So my other half is obsessed with black beans. I don’t know why, but he is. Chicken with rice and beans and he is in culinary heaven! So I tried a different version of the Italian ‘arancini’, the fried and delicious risotto ball stuffed with cheese.
This version is baked instead of fried and also is closer to latin cuisine. As that it goes really well with tacos for example.
Latin no-fry risotto balls
– 1/2 cup of risotto rice
– 1/2 cup cooked black beans
– 2 slices of cheese (any kind you want)
– 2 eggs
– 1 cup of bread crumbs (I crumbled some gluten free bread for this)
– 1 cup yoghurt or quark
– 1 lemon
– 1 clove of garlic
– some fresh cilantro
1. Cook the risotto rice with about 1 cup of water so you get nice gluey rice.
2. Mix rice with beans and cheese and set aside for a few minutes until it’s cooled down.
3. Beat the eggs in a small bowl. Add some salt.
4. Form golf-ball sized balls with the rice mix. Dip into the egg, then dip into the bread crumbs.

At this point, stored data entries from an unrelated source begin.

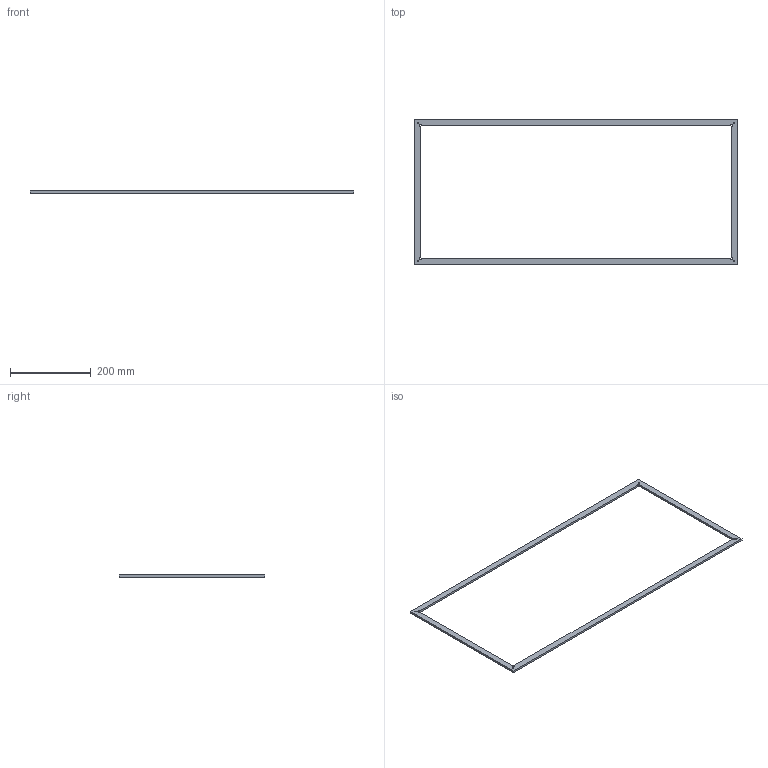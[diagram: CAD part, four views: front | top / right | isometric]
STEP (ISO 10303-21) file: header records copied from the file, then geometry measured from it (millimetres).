
FILE_DESCRIPTION(/* description */ (''),/* implementation_level */ '2;1');
FILE_NAME(/* name */ 'LEF2-300 Basic Jig v1.step',/* time_stamp */ '2023-12-19T12:39:11-07:00',/* author */ (''),/* organization */ (''),/* preprocessor_version */ 'ST-DEVELOPER v20',/* originating_system */ 'Autodesk Translation Framework v12.14.0.127',/* authorisation */ '');
FILE_SCHEMA (('AUTOMOTIVE_DESIGN { 1 0 10303 214 3 1 1 }'));
Length unit declared in the file: millimetre
Products named in the file (1): LEF2-300 Basic Jig
Bounding box: 800 x 360 x 5 mm (x, y, z)
Volume: 168966.6 mm3; surface area: 90567.3 mm2
Topology: 1 solids, 1 shells, 18 faces, 48 edges, 32 vertices
Faces by surface type: plane 10, cylinder 8
Full cylindrical faces by diameter (mm): 3.9 x4
Entity records: 621 total; most frequent: DIRECTION 102, CARTESIAN_POINT 99, ORIENTED_EDGE 96, EDGE_CURVE 48, AXIS2_PLACEMENT_3D 35, LINE 32, VECTOR 32, VERTEX_POINT 32
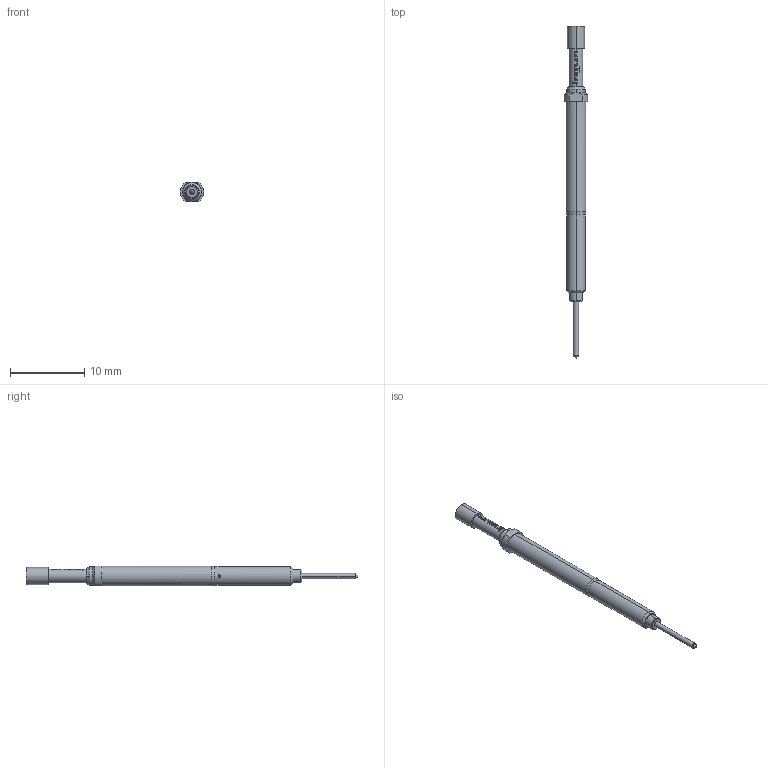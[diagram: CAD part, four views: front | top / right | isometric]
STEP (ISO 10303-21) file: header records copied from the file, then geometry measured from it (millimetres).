
FILE_DESCRIPTION (( 'STEP AP203' ), '1' );
FILE_NAME ('INGUN_SKS-463_002_230_A_xx02_MF.STEP', '2022-02-16T13:19:41', ( 'ochi' ), ( '' ), 'SwSTEP 2.0', 'SolidWorks 2018', '' );
FILE_SCHEMA (( 'CONFIG_CONTROL_DESIGN' ));
Length unit declared in the file: millimetre
Products named in the file (1): INGUN_SKS-463_002_230_A_xx02_MF
Bounding box: 3.19 x 44.8 x 2.65 mm (x, y, z)
Volume: 179.1 mm3; surface area: 314.9 mm2
Topology: 1 solids, 1 shells, 130 faces, 344 edges, 224 vertices
Faces by surface type: plane 55, cylinder 35, bspline 26, cone 10, torus 4
Entity records: 4719 total; most frequent: CARTESIAN_POINT 1565, ORIENTED_EDGE 688, DIRECTION 590, EDGE_CURVE 344, AXIS2_PLACEMENT_3D 239, VERTEX_POINT 224, EDGE_LOOP 138, CIRCLE 134
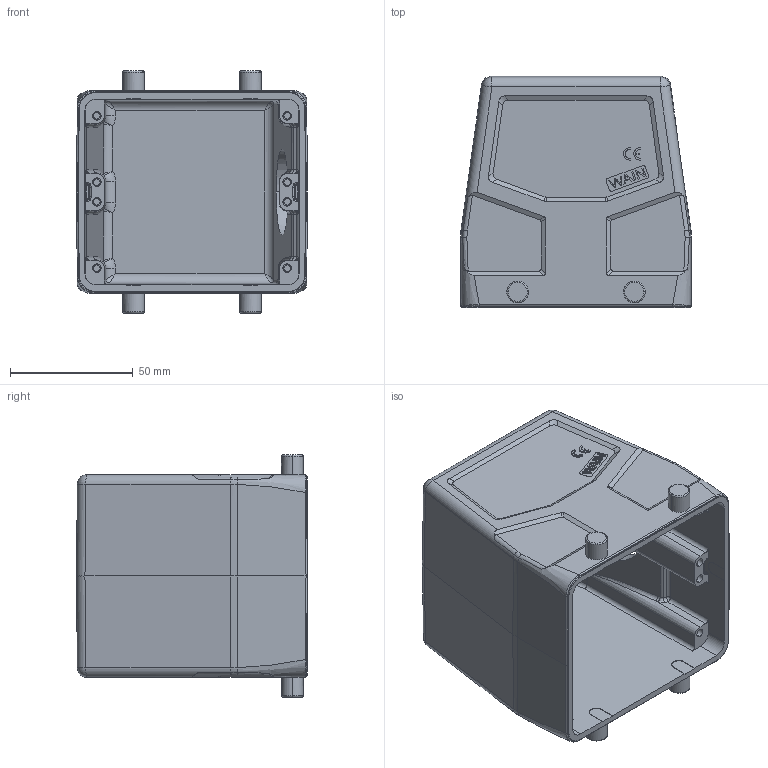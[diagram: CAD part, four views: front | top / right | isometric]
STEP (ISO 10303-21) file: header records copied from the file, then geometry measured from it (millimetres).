
FILE_DESCRIPTION((''),'2;1');
FILE_NAME('3D_1111325301004_W32B-SE-4B-PG2','2024-01-17T',('p.yu'),(''),'PRO/ENGINEER BY PARAMETRIC TECHNOLOGY CORPORATION, 2012480','PRO/ENGINEER BY PARAMETRIC TECHNOLOGY CORPORATION, 2012480','');
FILE_SCHEMA(('CONFIG_CONTROL_DESIGN'));
Length unit declared in the file: millimetre
Products named in the file (1): 3D_1111325301004_W32B-SE-4B-PG2
Bounding box: 94 x 94 x 98.5 mm (x, y, z)
Volume: 161875.5 mm3; surface area: 71236.4 mm2
Topology: 1 solids, 1 shells, 503 faces, 1306 edges, 822 vertices
Faces by surface type: plane 220, cylinder 169, bspline 52, torus 20, extrusion 20, cone 12, sphere 10
Entity records: 17950 total; most frequent: CARTESIAN_POINT 6253, ORIENTED_EDGE 2576, DIRECTION 2156, EDGE_CURVE 1288, VERTEX_POINT 822, VECTOR 734, LINE 714, AXIS2_PLACEMENT_3D 711
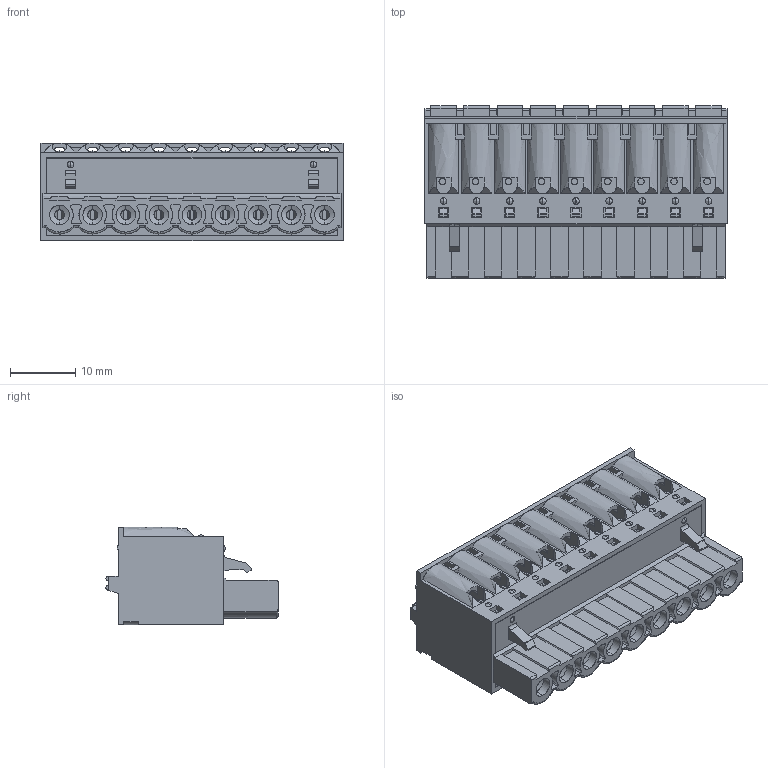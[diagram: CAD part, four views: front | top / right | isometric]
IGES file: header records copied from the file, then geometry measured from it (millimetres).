
Start section: ZWSOFT
Global section: file name: PF508S-1F09ASMN1N.igs; native system: ZW3D; preprocessor: 1.0; author: ZW3D; organization: ZWSOFT; date: 231128.150427; units: millimetre
Bounding box: 46.34 x 26.4 x 15 mm (x, y, z)
Surface area: 19592.2 mm2 (no closed solid volume)
Topology: 0 solids, 0 shells, 3629 faces, 19144 edges, 19143 vertices
Faces by surface type: bspline 3629
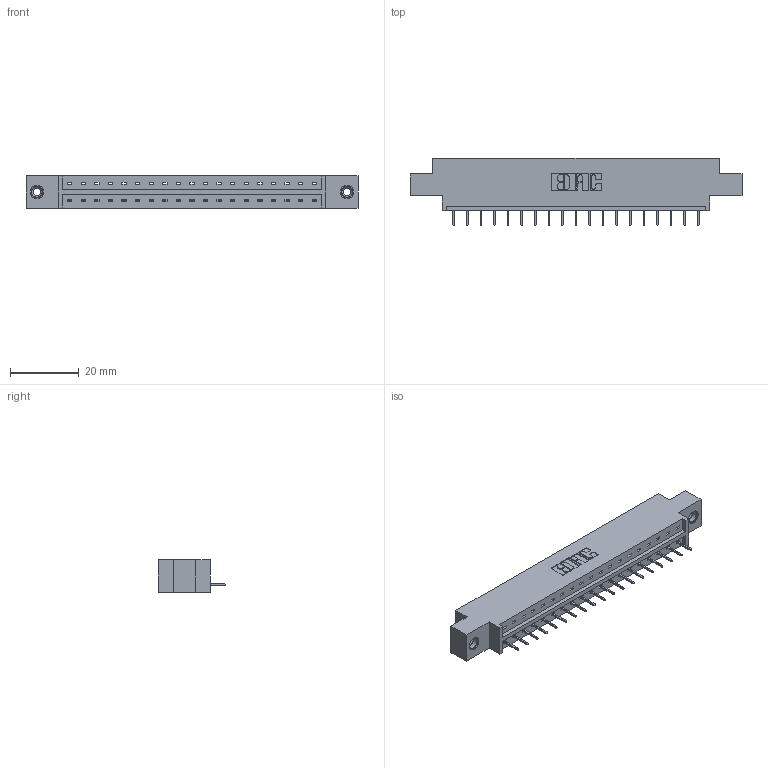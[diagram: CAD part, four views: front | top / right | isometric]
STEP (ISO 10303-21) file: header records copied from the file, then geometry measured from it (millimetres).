
FILE_DESCRIPTION (( 'STEP AP203' ), '1' );
FILE_NAME ('833-019-524-608.STEP', '2020-06-01T00:21:42', ( '' ), ( '' ), 'SwSTEP 2.0', 'SolidWorks 2020', '' );
FILE_SCHEMA (( 'CONFIG_CONTROL_DESIGN' ));
Length unit declared in the file: inch
Products named in the file (4): 345-250-001_345-250-003-102; 833-019-524-608; 345-292-001_345-293-124; 833 Part_Offset - .156 Dia - TI
Assembly tree (22 placements, depth 2):
  833-019-524-608
    833 Part_Offset - .156 Dia - TI
    345-292-001_345-293-124  x19
    345-250-001_345-250-003-102  x2
Bounding box: 96.82 x 19.69 x 9.4 mm (x, y, z)
Volume: 9236.1 mm3; surface area: 9808.7 mm2
Topology: 22 solids, 22 shells, 1356 faces, 3879 edges, 2502 vertices
Faces by surface type: plane 1018, cylinder 322, cone 12, torus 4
Entity records: 15982 total; most frequent: CARTESIAN_POINT 2742, ORIENTED_EDGE 2690, DIRECTION 2393, EDGE_CURVE 1345, LINE 1201, VECTOR 1201, VERTEX_POINT 888, AXIS2_PLACEMENT_3D 596
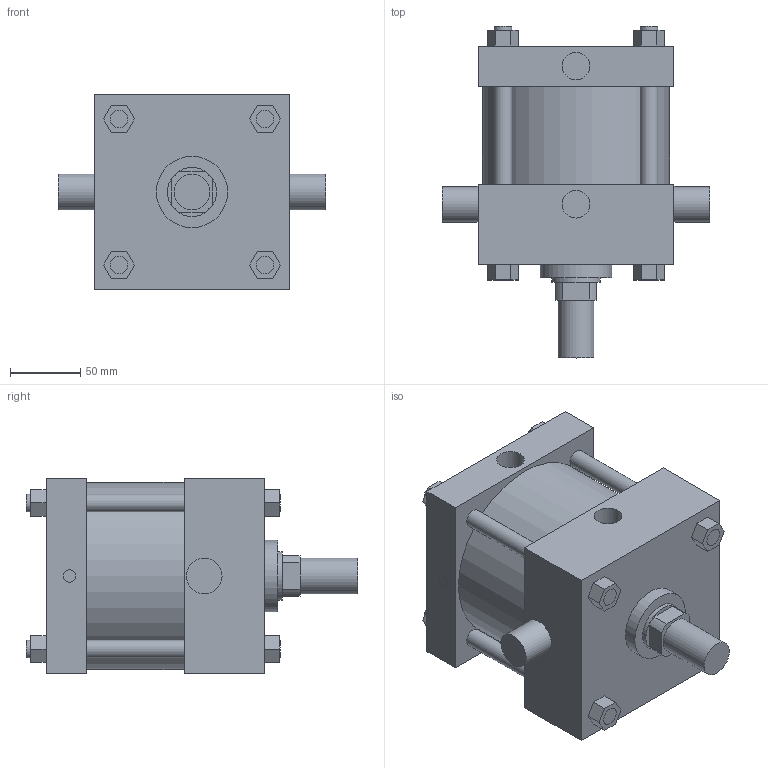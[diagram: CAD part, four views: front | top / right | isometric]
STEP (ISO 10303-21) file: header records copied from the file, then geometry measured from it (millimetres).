
FILE_DESCRIPTION((' Parasolid data model '),'2;1');
FILE_NAME('GSSL','1999-12-15T14:50:56+00:00',(' GSSL '),(' GSSL Pune '),'','GSSL Pune','Author');
FILE_SCHEMA(('CONFIG_CONTROL_DESIGN'));
Length unit declared in the file: millimetre
Bounding box: 190.5 x 236.54 x 139.7 mm (x, y, z)
Surface area: 156016.3 mm2 (no closed solid volume)
Topology: 0 solids, 9 shells, 120 faces, 313 edges, 225 vertices
Faces by surface type: plane 92, cylinder 28
Full cylindrical faces by diameter (mm): 8.731 x4, 12.7 x12, 19.771 x2, 25.4 x3, 34.925 x1, 50.8 x1, 133.35 x1
Entity records: 3944 total; most frequent: CARTESIAN_POINT 706, DIRECTION 620, ORIENTED_EDGE 533, EDGE_CURVE 328, LINE 272, VECTOR 272, VERTEX_POINT 260, EDGE_LOOP 194
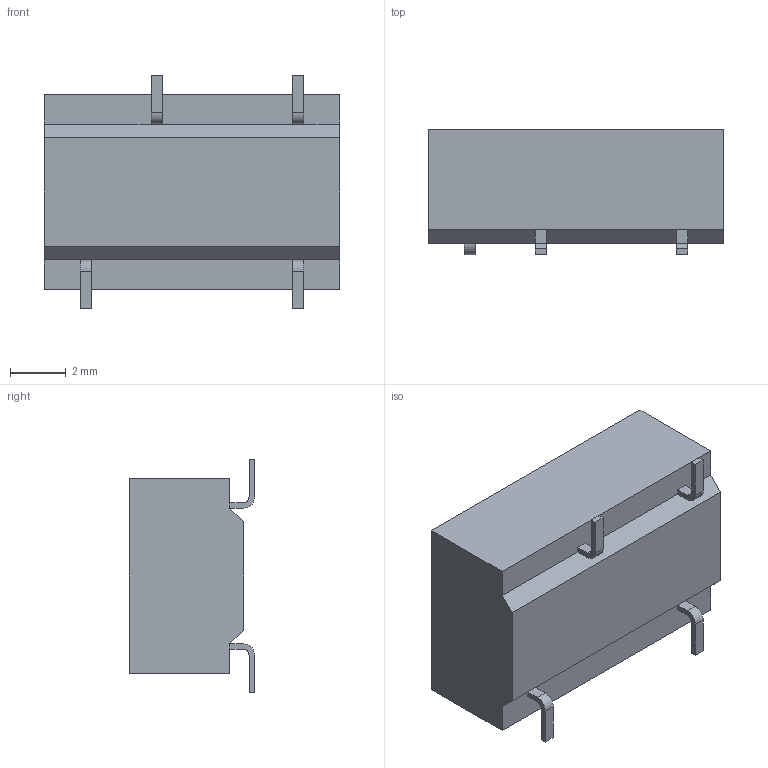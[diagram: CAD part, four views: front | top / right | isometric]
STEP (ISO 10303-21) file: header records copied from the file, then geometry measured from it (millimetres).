
FILE_DESCRIPTION(('STEP AP242'),'1');
FILE_NAME('20727.stp','2018-12-10T14:13:49',('TraceParts'),('TraceParts S.A.'),'Spatial InterOp 3D',' ',' ');
FILE_SCHEMA(('AP242_MANAGED_MODEL_BASED_3D_ENGINEERING_MIM_LF {1 0 10303 442 1 1 4}'));
Length unit declared in the file: millimetre
Products named in the file (1): 20727
Bounding box: 10.6 x 4.5 x 8.4 mm (x, y, z)
Volume: 291.1 mm3; surface area: 295.1 mm2
Topology: 1 solids, 1 shells, 46 faces, 124 edges, 80 vertices
Faces by surface type: plane 38, cylinder 8
Entity records: 2824 total; most frequent: CARTESIAN_POINT 251, STYLED_ITEM 250, PRESENTATION_STYLE_ASSIGNMENT 250, COLOUR_RGB 250, ORIENTED_EDGE 248, DIRECTION 234, EDGE_CURVE 124, CURVE_STYLE 124
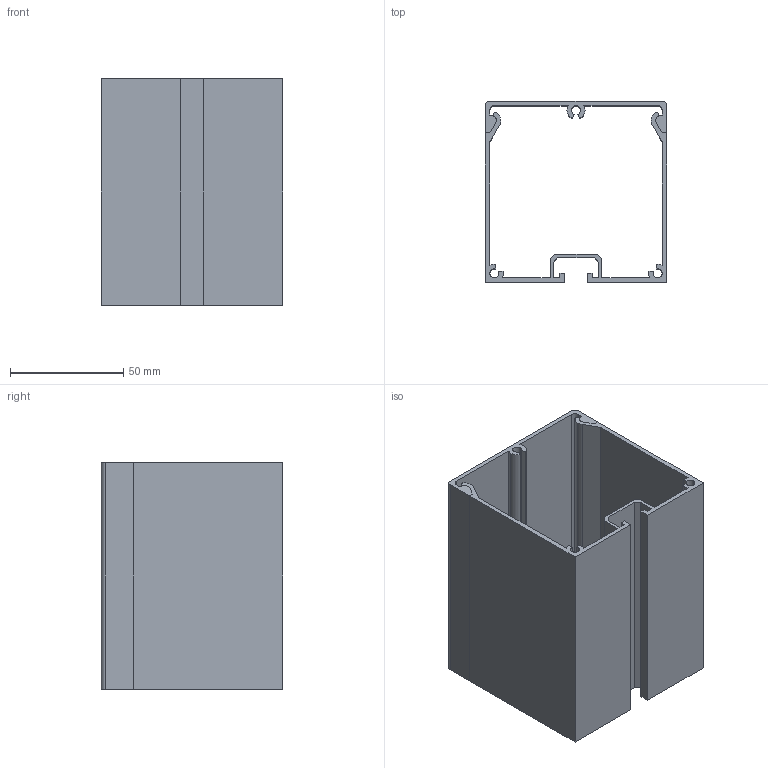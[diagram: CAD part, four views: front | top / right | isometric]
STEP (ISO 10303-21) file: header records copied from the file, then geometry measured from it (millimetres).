
FILE_DESCRIPTION (( 'STEP AP214' ), '1' );
FILE_NAME ('CC8080 Ïðîôèëü êàáåëü-êàíàëà 80õ80 (Àí. ñåðåáðî).STEP', '2026-03-07T11:40:58', ( '' ), ( '' ), 'SwSTEP 2.0', 'SolidWorks 2026', '' );
FILE_SCHEMA (( 'AUTOMOTIVE_DESIGN' ));
Length unit declared in the file: millimetre
Products named in the file (3): Алюм. кабель 80х80_00; Алюм. кабель, крышка 80х80_00; CC8080 Профиль кабель-канала 80х80 (Ан. серебро)
Assembly tree (2 placements, depth 2):
  CC8080 Профиль кабель-канала 80х80 (Ан. серебро)
    Алюм. кабель 80х80_00
    Алюм. кабель, крышка 80х80_00
Bounding box: 80 x 80 x 100 mm (x, y, z)
Volume: 79602.5 mm3; surface area: 80142.8 mm2
Topology: 2 solids, 2 shells, 92 faces, 264 edges, 176 vertices
Faces by surface type: plane 57, cylinder 35
Entity records: 3106 total; most frequent: CARTESIAN_POINT 537, ORIENTED_EDGE 528, DIRECTION 528, EDGE_CURVE 264, LINE 194, VECTOR 194, VERTEX_POINT 176, AXIS2_PLACEMENT_3D 167
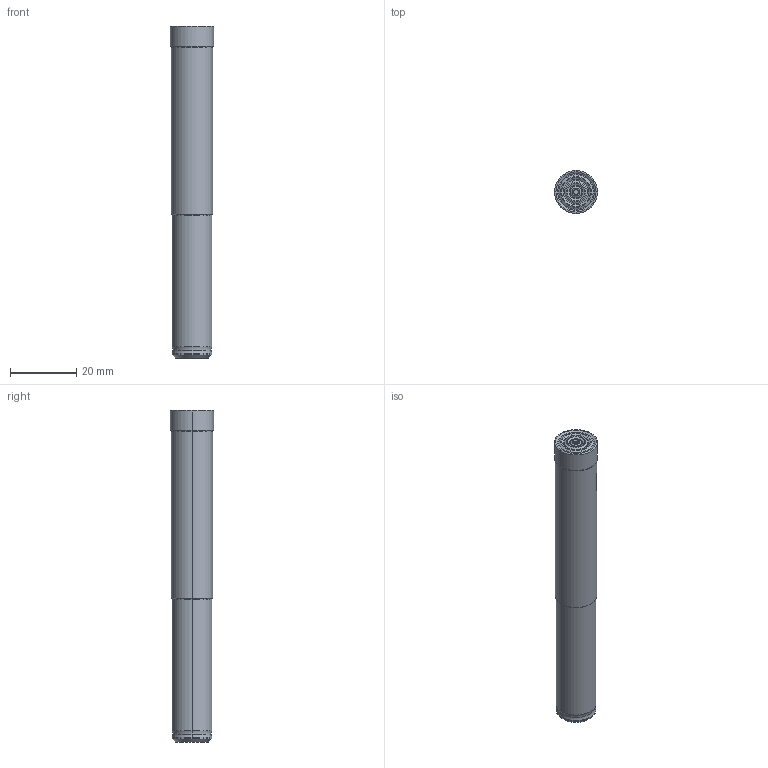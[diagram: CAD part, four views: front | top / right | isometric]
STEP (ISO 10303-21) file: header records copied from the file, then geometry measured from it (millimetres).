
FILE_DESCRIPTION (( 'STEP AP214' ), '1' );
FILE_NAME ('99321-012-1525.STEP', '2017-01-10T12:15:25', ( 'User' ), ( 'GENUINE' ), 'SwSTEP 2.0', 'SolidWorks 2012', '' );
FILE_SCHEMA (( 'AUTOMOTIVE_DESIGN' ));
Length unit declared in the file: millimetre
Products named in the file (1): 99321-012-1525
Bounding box: 13 x 13 x 100 mm (x, y, z)
Volume: 11867.8 mm3; surface area: 4111.5 mm2
Topology: 1 solids, 1 shells, 48 faces, 94 edges, 48 vertices
Faces by surface type: torus 20, cone 16, cylinder 10, plane 2
Entity records: 1600 total; most frequent: DIRECTION 260, CARTESIAN_POINT 191, ORIENTED_EDGE 188, AXIS2_PLACEMENT_3D 117, EDGE_CURVE 94, CIRCLE 68, ADVANCED_FACE 48, EDGE_LOOP 48

5. Repeat until all rice is used up.
6. Put the rice balls into an oven-safe dish and bake in the oven at about 300 degrees celsius until the bread crumbs turn gold brown. This should take about 15-20 minutes.
7. Mix yoghurt, lemon, garlic and chopped cilantro. Season with salt and pepper. Serve with the risotto balls.